René Girard in Penguin Classics – now out! “This is a big deal, so buckle up.”


Finally! All Desire is a Desire for Being, a Penguin Classics anthology of Stanford Prof. René Girard‘s “essential writings,” is officially out this week! To my knowledge, the French theorist is the first Stanford faculty to be celebrated in the eminent series. I was honored that Penguin invited me to create this collection of Girard’s finest essays.

Prof. William Johnsen, who directs the publication of a series of books on René Girard and his mimetic theory at the Michigan State University Press, spoke about All Desire is a Desire for Being at the Paris centenary conference for Girard’s 100th birthday, at the Institut Catholique de Paris last week. Here are Bill Johnsen’s words on that occasion:

Since All Desire is a Desire for Being is 95 percent pure Girard, it would seem that only the editor’s preface, selections and apparatus would be left to discuss. That’s all fine, I love what is in it, I am really happy to see especially the piece on Nietzsche from Paul Dumouchel‘s collection which shows the high-flying, often joyful colloques that Jean-Pierrre Dupuy and Dumouchel organized to integrate Girard with his intellectual peers in the Eighties, but I want to emphasize where Girard now appears (Penguin) and what that means: as my President says, this is a big deal.
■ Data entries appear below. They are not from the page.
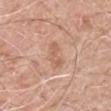Part of a total-body skin-imaging series; this lesion was reviewed on a skin check and was not flagged for biopsy. A close-up tile cropped from a whole-body skin photograph, about 15 mm across. The patient is a male about 60 years old. Located on the right upper arm.
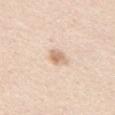{
  "biopsy_status": "not biopsied; imaged during a skin examination",
  "automated_metrics": {
    "cielab_L": 70,
    "cielab_a": 17,
    "cielab_b": 31,
    "vs_skin_darker_L": 12.0,
    "vs_skin_contrast_norm": 7.0
  },
  "lesion_size": {
    "long_diameter_mm_approx": 2.5
  },
  "lighting": "white-light",
  "image": {
    "source": "total-body photography crop",
    "field_of_view_mm": 15
  },
  "patient": {
    "sex": "male",
    "age_approx": 45
  },
  "site": "chest"
}
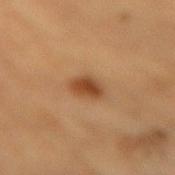Impression:
No biopsy was performed on this lesion — it was imaged during a full skin examination and was not determined to be concerning.
Image and clinical context:
The lesion is on the mid back. The subject is a male in their mid- to late 80s or older. The recorded lesion diameter is about 3 mm. A 15 mm close-up extracted from a 3D total-body photography capture.
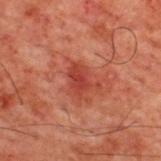Impression:
No biopsy was performed on this lesion — it was imaged during a full skin examination and was not determined to be concerning.
Clinical summary:
Automated tile analysis of the lesion measured an area of roughly 7.5 mm², a shape eccentricity near 0.65, and a symmetry-axis asymmetry near 0.3. The software also gave border irregularity of about 4 on a 0–10 scale and internal color variation of about 2.5 on a 0–10 scale. The analysis additionally found a nevus-likeness score of about 0/100 and a lesion-detection confidence of about 100/100. A 15 mm close-up extracted from a 3D total-body photography capture. Imaged with cross-polarized lighting. The lesion is on the upper back. A male patient, aged 58 to 62.
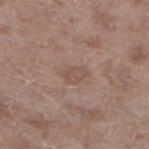Q: Is there a histopathology result?
A: catalogued during a skin exam; not biopsied
Q: Who is the patient?
A: male, aged 43 to 47
Q: What is the imaging modality?
A: ~15 mm tile from a whole-body skin photo
Q: How large is the lesion?
A: ≈3.5 mm
Q: Where on the body is the lesion?
A: the left lower leg
Q: What lighting was used for the tile?
A: white-light illumination

In his interviews with Nadine Dormoy in 1988, René Girard attributes the 20,000 dependable French readers of serious books to the Écoles, and the smaller American audience to the silos of academic specialization. I have heard the same figure of 20,000 assured readers from Benoît Chantre so I assume that French readership is steady.

In 2006 I was invited by Girard and Robert Hamerton-Kelly to be Publications Chair of Imitatio, a project funded by The Thiel Foundation. One of the earliest projects was the public launch of Achever Clausewitz and Imitatio in Paris in 2007.

Imitatio had begun supporting production costs for books on mimetic theory at Michigan State University Press to find this readership. (We all should be grateful for their more than ten years of support, the slowest startup in Thiel’s stable). When Lindy Fishburne of The Thiel Foundation later assumed the directorship of Imitatio, she urged us to follow our core mission, to develop Girard’s ideas, to find them a greater recognition and circulation worldwide but also in the English-speaking world to catch up with the breadth of his readership in France and Europe.

I have spent my entire adult life in universities. As the editor of the series, I had some plans for how to spread ideas from the university to that outer world by influencing teachers who would influence their students who leave when they graduate, but I had no idea on how to approach the public directly, or whether America, despite its number of educated readers (my university alone granted 9,500 degrees this last spring), had any number approaching 20,000 dependable readers of serious books.

If Girard was besieged by reporters in Paris after Achever Clausewitz was published in 2007, nothing like that happened in America in 2009 when we published it in English as Battling to the End. In 2011, at a conference on Mimetic Theory and World Religions at Berkeley, I suggested to Cynthia Haven that she write a book about René Girard, something personal and accessible enough to help find him a wider audience in English. Girard had told me in appreciation that Haven had written specifically about the Clausewitz book in The San Francisco Chronicle, as well as other public venues in her one-person publicity campaign.

Evolution of Desire (2018) is informative both about Girard and his ideas, placing him effectively in a historical context by reference to his life and work and interviewing many people who knew him. She is both respectful and warm to her subject. It would be impossible to disentangle the circumstances that have made her book so popular: Girard himself, this century’s recognition of him with honorary degrees and awards, his election to the L’Académie Française, several organisations worldwide devoted to his work. But Haven has played a key role with her book and her reputation – she is a well-known and respected serious author for serious readers who bridges the academic and the public book world. She has her sights always on the dependable core readership of serious books in English.

My field is British Studies, I could go on and on about Penguin so I need to just summarize here. Penguin books has been the most successful venture in gaining a wide audience for serious books in English for the last one hundred years. Nothing else even comes close. So congratulations to Cynthia on publishing All Desire is a Desire for Being at Penguin, and to everyone else working in mimetic theory: this is a big deal, so buckle up.